France: In Part 5, we examine how France is Europe's most rigidly secular society, relegating religion to the sidelines. Paradoxically, of all Muslims in Europe, it's the French who most closely identify with their country's values, despite widespread social discrimination. And it is French Muslim women who are in the forefront in both grassroots political activism and in forging their own interpretation of Islam. After his election in May, France's new president, Nicholas Sarkozy, surprised the media and public with his appointment of three Muslim women to important posts — justice minister, foreign undersecretary for human rights and undersecretary for urban affairs. The presence of minority women in the Cabinet has shown young Muslim women that it is possible to make a mark in France.

Female Genital Mutilation Part 6 explores an ancient rite practiced mostly in some sub-Saharan and North African countries.

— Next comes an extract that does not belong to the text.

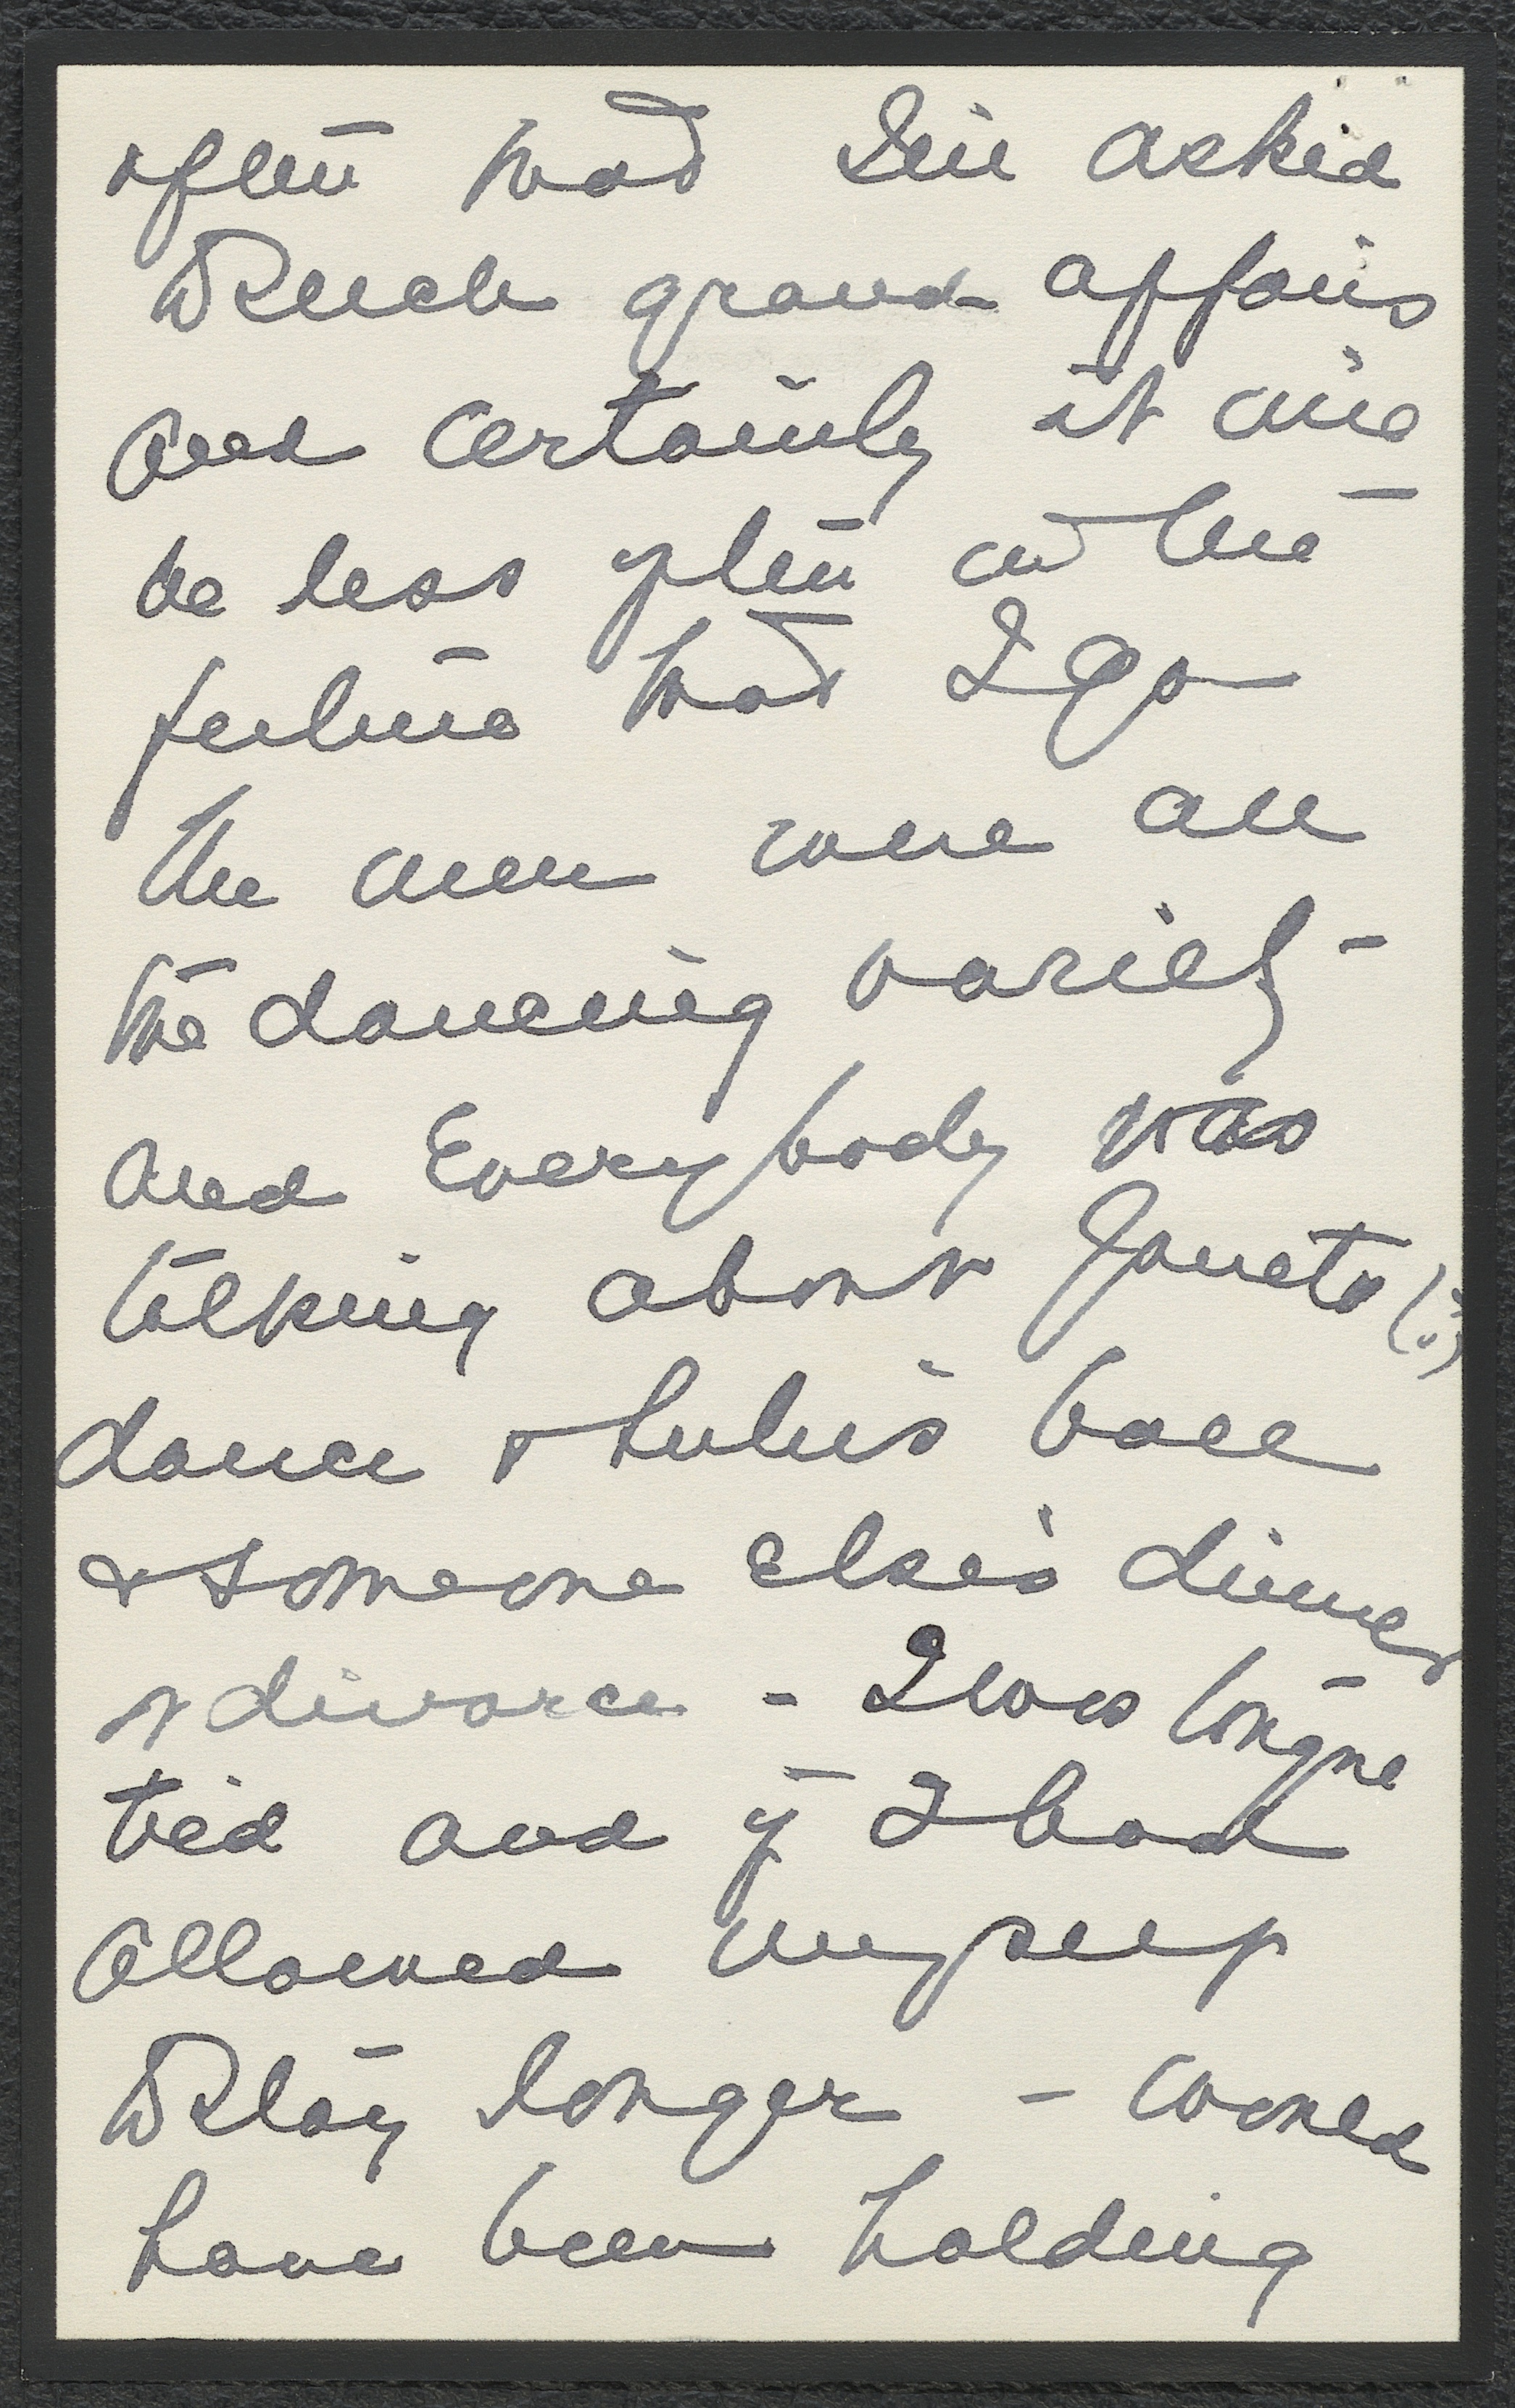often that I’m asked to such grand affairs and certainly it will be less often in the future that I go – the men were all the dancing variety – and everybody was talking about Janet’s (?) dance & Lulu’s ball & someone else’s dinner or divorce – I was tongue tied and if I had allowed myself to stay longer – would have been holding

Many Muslims in that part of the world wrongly believe it is dictated by Islam. In recent decades, the practice has spread to immigrant communities in Europe. Women activists in France have led the campaign in prosecuting excisions performed on young girls, and the United Nations considers the practice a human rights abuse. GAMS, the French women's association for the abolition of sexual mutilations, estimates that there are more than 50,000 mutilated women in France. On average, six to eight women come to GAMS every day to seek help in filing requests for political asylum in France to protect their daughters from being subjected to the practice in their home countries. Supporters of female genital mutilation say it dampens a girl's sexuality and protects her honor. Female genital mutilation is alien to the great majority of Muslims in Europe. But GAMS claims there's a growing number of fundamentalist imams funded by Islamist movements from abroad who preach that removal of the clitoris is endorsed by the Koran.